Ahora, con el destino final resuelto gracias a la colaboración del Ministerio de Cultura, el de Industria podrá comenzar con los trabajos de demolición y desmontaje, que tienen un plazo de ejecución previsto de un mes. Antes de hacerlo, según recoge la memoria del proyecto, se deberá comprobar que las obras no afectarán a los servicios públicos. «Se tendrá en cuenta la existencia del tendido eléctrico en las inmediaciones, realizando en su caso el corte de los mismos y desvío de cableado», como reza en la licencia.


El proyecto de derribo que maneja el Ministerio de Industria solo contempla la conservación de la estatua y detalla cómo ha de llevarse a cabo la obra. Lo primero que se hará será desmontar el grupo escultórico con un camión grúa y unas eslingas. Después, «las esculturas deberán ser separadas en figuras individuales, siendo todas ellas numeradas para su ulterior montaje».
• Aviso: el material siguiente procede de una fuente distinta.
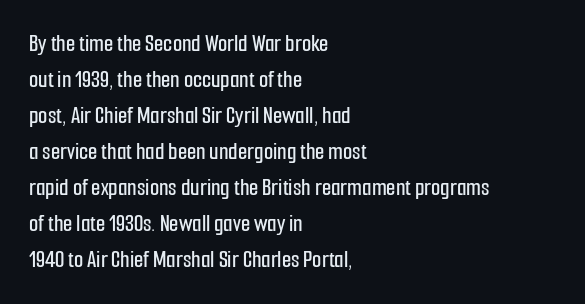
You can tell it's not italic because the verticals are truly vertical. Whoever set this chose a conventional vertical rhythm. The line texture is even and compact thanks to regular tracking. Each row of text sits above clean, open space.
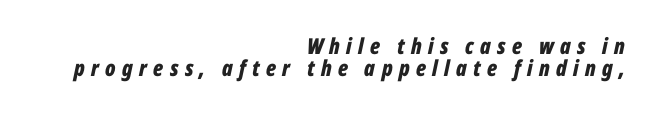
The image shows 22 px bold type, italic (leaning right); set right-aligned, tight line spacing (1.01x), unusually wide letter spacing (+0.29 em), not underlined.
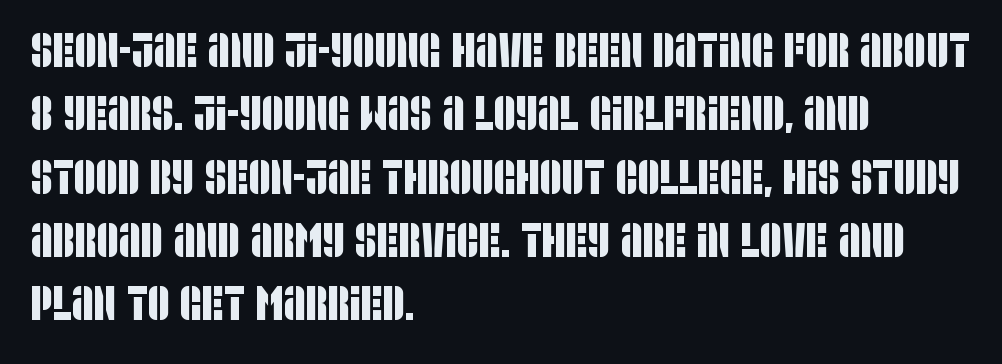
{"serif": "no", "width": "condensed", "stroke_contrast": "low", "x_height": "large", "monospaced": "no", "underline": "no", "align": "left", "line_spacing": "normal", "line_spacing_ratio": 1.32, "letter_spacing": "normal", "letter_spacing_em": 0.0, "glyph_px": 48}
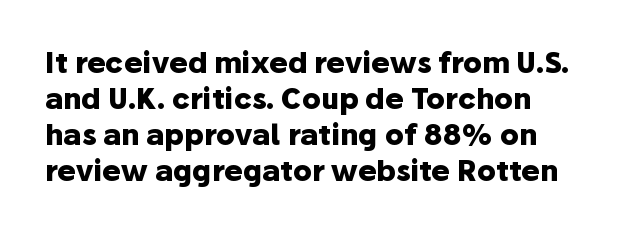
Q: Is the text bold? A: Yes.
Q: Is the text italic (slanted)? A: No, it is upright.
Q: Is the typeface a serif or a sans-serif typeface? A: Sans-serif.
Q: Is the text underlined? A: No.
Q: Is the spacing between letters normal or unusually wide? A: Normal.
Q: Is the spacing between lines tight, normal or loose? A: Normal.
Q: Width (condensed, normal, or wide)? A: Normal.
Q: Stroke contrast? A: Low.
Q: x-height? A: Medium.
Q: Monospaced? A: No.
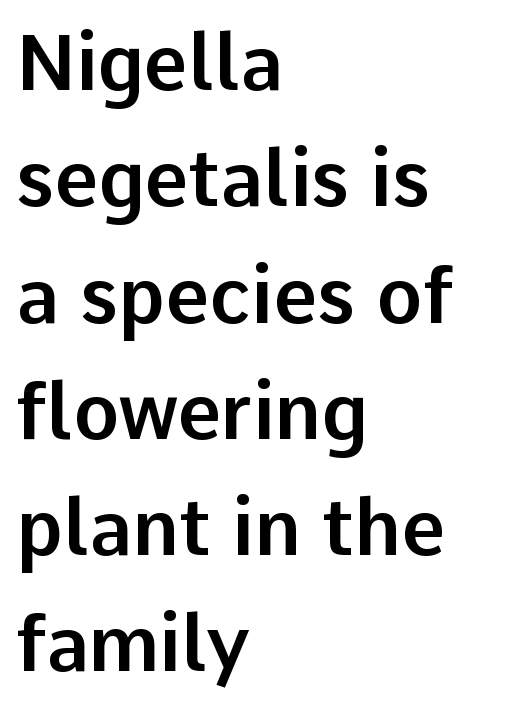
A typesetter would mark this as roman, not italic. Varying glyph widths throughout — classic text-font behaviour. Glance below the letters and you will spot only blank space. What's the leading like? Ordinary, nothing unusual.
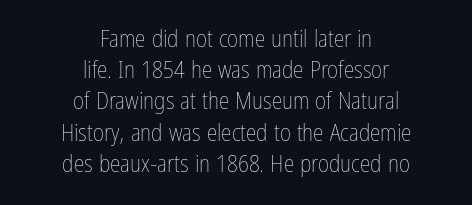
Q: Is the text bold? A: No.
Q: Is the text italic (slanted)? A: No, it is upright.
Q: Is the text underlined? A: No.
Q: How is the paragraph aligned? A: Centered.
Q: Is the spacing between letters normal or unusually wide? A: Normal.
Q: Is the spacing between lines tight, normal or loose? A: Normal.
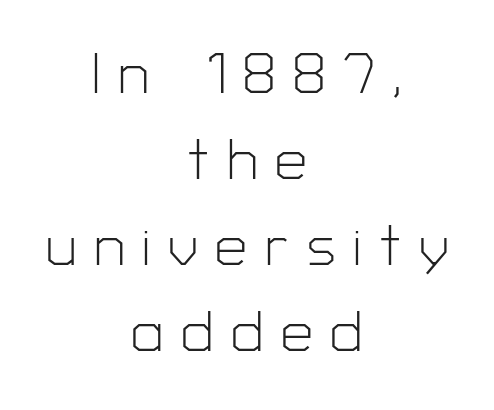
The image shows 57 px light sans-serif type, upright; set centered, normal line spacing (1.51x), unusually wide letter spacing (+0.31 em), not underlined; low stroke contrast and a medium x-height.
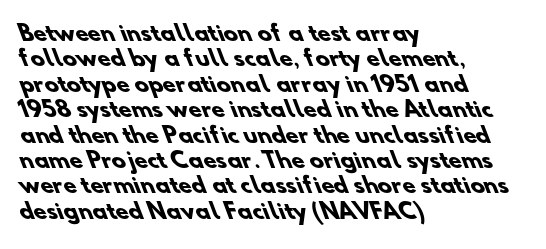
Q: Is the text bold? A: Yes.
Q: Is the text underlined? A: No.
Q: How is the paragraph aligned? A: Left-aligned.
Q: Is the spacing between letters normal or unusually wide? A: Normal.
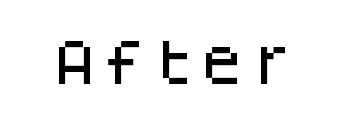
These lines keep a tight, regular rhythm from letter to letter. The face used here is monospaced, like something from a code editor. Notice how the stems are strictly vertical — no italics here. Letterform terminals end flat and unadorned throughout the passage. Unmarked baselines from the first word to the last.
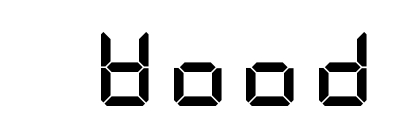
The image shows 77 px semibold, condensed sans-serif type, upright; set not underlined; low stroke contrast and a large x-height.
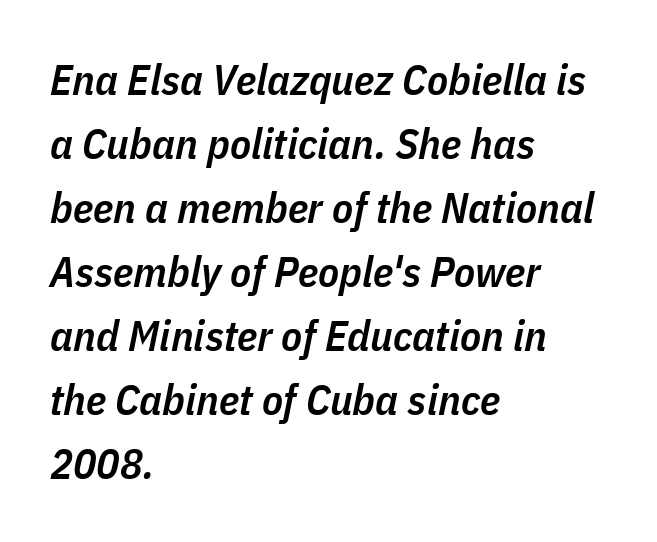
The image shows 43 px semibold, condensed type, italic (leaning right); set left-aligned, normal line spacing (1.49x), normal letter spacing, not underlined; low stroke contrast and a medium x-height.
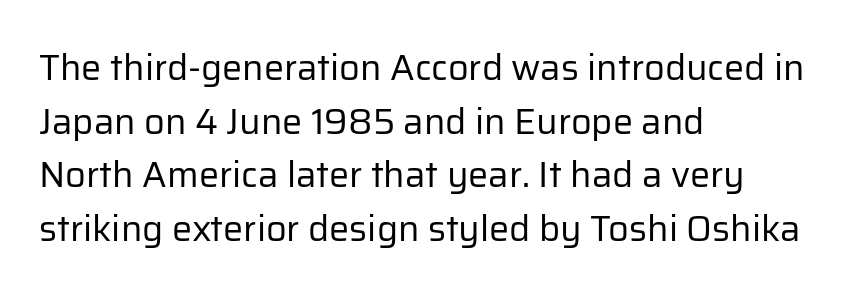
The image shows 36 px regular-weight sans-serif type, upright; set left-aligned, normal line spacing (1.49x), normal letter spacing, not underlined; low stroke contrast and a medium x-height.
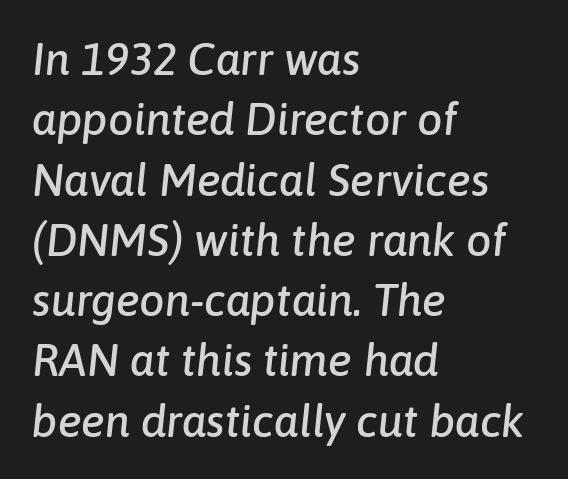
Q: Is the text italic (slanted)? A: Yes, it leans right by about 6 degrees.
Q: Is the text underlined? A: No.
Q: How is the paragraph aligned? A: Left-aligned.
Q: Is the spacing between letters normal or unusually wide? A: Normal.
Q: Is the spacing between lines tight, normal or loose? A: Normal.
Q: Width (condensed, normal, or wide)? A: Normal.
Q: Stroke contrast? A: Low.
Q: x-height? A: Medium.
Q: Monospaced? A: No.
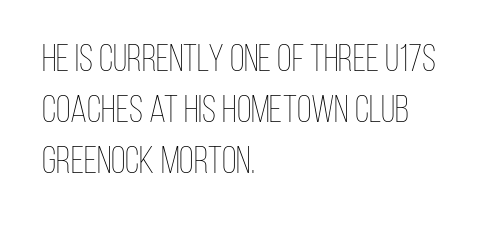
Q: Is the text bold? A: No.
Q: Is the text italic (slanted)? A: No, it is upright.
Q: Is the text underlined? A: No.
Q: How is the paragraph aligned? A: Left-aligned.
Q: Is the spacing between letters normal or unusually wide? A: Normal.
Q: Is the spacing between lines tight, normal or loose? A: Normal.
Q: Width (condensed, normal, or wide)? A: Condensed.
Q: Stroke contrast? A: Low.
Q: x-height? A: Large.
Q: Monospaced? A: No.
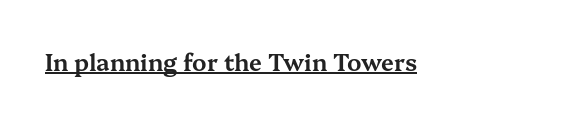
{"italic": "no", "underline": "yes", "letter_spacing": "normal", "letter_spacing_em": 0.0, "glyph_px": 23}
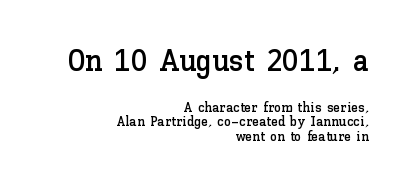
Q: Is the text italic (slanted)? A: No, it is upright.
Q: Is the text underlined? A: No.
Q: How is the paragraph aligned? A: Right-aligned.
Q: Is the spacing between letters normal or unusually wide? A: Normal.
Q: Is the spacing between lines tight, normal or loose? A: Tight.
Q: Which block of text is set in a larger size, the first (top) or the second (bottom)? A: The first (top) one.
Q: Width (condensed, normal, or wide)? A: Normal.
Q: Stroke contrast? A: Low.
Q: x-height? A: Medium.
Q: Monospaced? A: No.
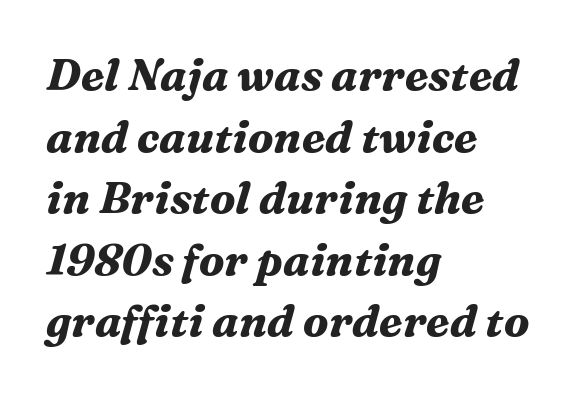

Posteriormente  se almacenarán «tumbadas sobre palés, con cuñas, calzos y los acolchados necesarios». Por último, se retirarán el yugo y las flechas y se derribarán «las pilastras simétricas de hormigón armado» para acabar con la base del monumento con un martillo hidráulico.


El monumento a Onésimo Redondo, fundador de las Juntas de Ofensiva Nacional Sindicalista (JONS), se inauguró el 24 de julio de 1961 para conmemorar el 25 aniversario de su muerte. Se trata de un monumento que ha estado rodeado de polémica en los últimos años y ha sido objeto de actos de vandalismo constantes en forma de pintadas por los partidarios de retirarlo.